Doc ref: 14422/88 • ECHR ID: 001-1196

Document date: January 13, 1992

Cited paragraphs only



                                              AS TO THE ADMISSIBILITY OF

Application No. 14422/88

by S.W.

against the Netherlands

The European Commission of Human Rights (Second Chamber) sitting

in private on 13 January 1992, the following members being present:

MM.S. TRECHSEL, President of the Second Chamber

G. JÖRUNDSSON

A. WEITZEL

J.C. SOYER

H.G. SCHERMERS

                 H. DANELIUS

Mrs.G.H. THUNE

MM.F. MARTINEZ RUIZ

L. LOUCAIDES

Mr.K. ROGGE, Secretary to the Second Chamber

Having regard to Article 25 of the Convention for the Protection

of Human Rights and Fundamental Freedoms;

Having regard to the application introduced on 20 September 1988

by S.W. against the Netherlands and registered on 1 December 1988 under

file No. 14422/88;

Having regard to the report provided for in Rule 47 of the Rules

of Procedure of the Commission;

Having deliberated;

Decides as follows:

THE FACTS

      The applicant is a Dutch citizen, born in 1954 and residing in

Amsterdam.  When introducing the application, he was detained for

treatment at the Provincial Hospital in Santpoort, the Netherlands.

Before the Commission he is represented by Mr. G.P. Hamer, a lawyer

practising in Amsterdam.

      The facts of the case, as submitted by the parties, may be

summarised as follows:

      On 16 March 1988, the applicant's brother requested the District

Court judge (Kantonrechter) in Amsterdam to issue a judicial

authorisation (rechterlijke machtiging) to place the applicant in a

mental hospital on the basis of Article 12 of the Mentally Ill Persons

Act (Krankzinnigenwet).  This request was accompanied by, inter alia,

a medical declaration of 16 March 1988 by a psychiatrist of the G.G.
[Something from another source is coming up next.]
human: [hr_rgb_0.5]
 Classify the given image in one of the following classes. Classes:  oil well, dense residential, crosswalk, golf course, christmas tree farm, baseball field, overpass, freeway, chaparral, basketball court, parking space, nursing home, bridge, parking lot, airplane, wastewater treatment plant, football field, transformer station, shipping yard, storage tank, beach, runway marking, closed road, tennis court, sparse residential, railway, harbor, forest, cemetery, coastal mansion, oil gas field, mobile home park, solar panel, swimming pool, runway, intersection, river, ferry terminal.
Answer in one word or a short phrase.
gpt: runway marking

& G.D. (Municipal Medical and Health Authority) in Amsterdam and a

letter dated 10 March 1988 by the applicant's own psychiatrist F.J.,

addressed to the G.G. & G.D., which reads, insofar as relevant:

"Patient is known by us since 1985 with a schizophrenic

psychosis. (...)

Patient's situation worsens.  Patient causes his close

environment trouble, in particular his downstairs

neighbours.  It is a matter of a mostly manifest psychotic

perception, in which a complex delusionary system with a

paranoid colour is predominant.  Patient manifests himself

again desperate the last months, yet sofar no suicidal

actions.  In the meantime patient has become entirely

isolated socially.

There have been regular reportings at the police office

A.J. Ernststraat (local police officer O.), on a number of

occasions the G.G. & G.D. made a house-call related to

escalations.

Despite constant urging, patient refuses to undergo the, in

his circumstances necessary (in first instance medicinal),

treatment, although he is reasonably faithful and punctual

concerning the appointments with the present author.

Questions:

I hereby request you to visit patient, in order to judge

whether in his situation there are enough criteria to

request a judicial authorisation for admission.  My most

important argument for this is that within the foreseeable

future patient's way of life, based on his paranoid

psychosis, will lead to suicidal or homicidal action.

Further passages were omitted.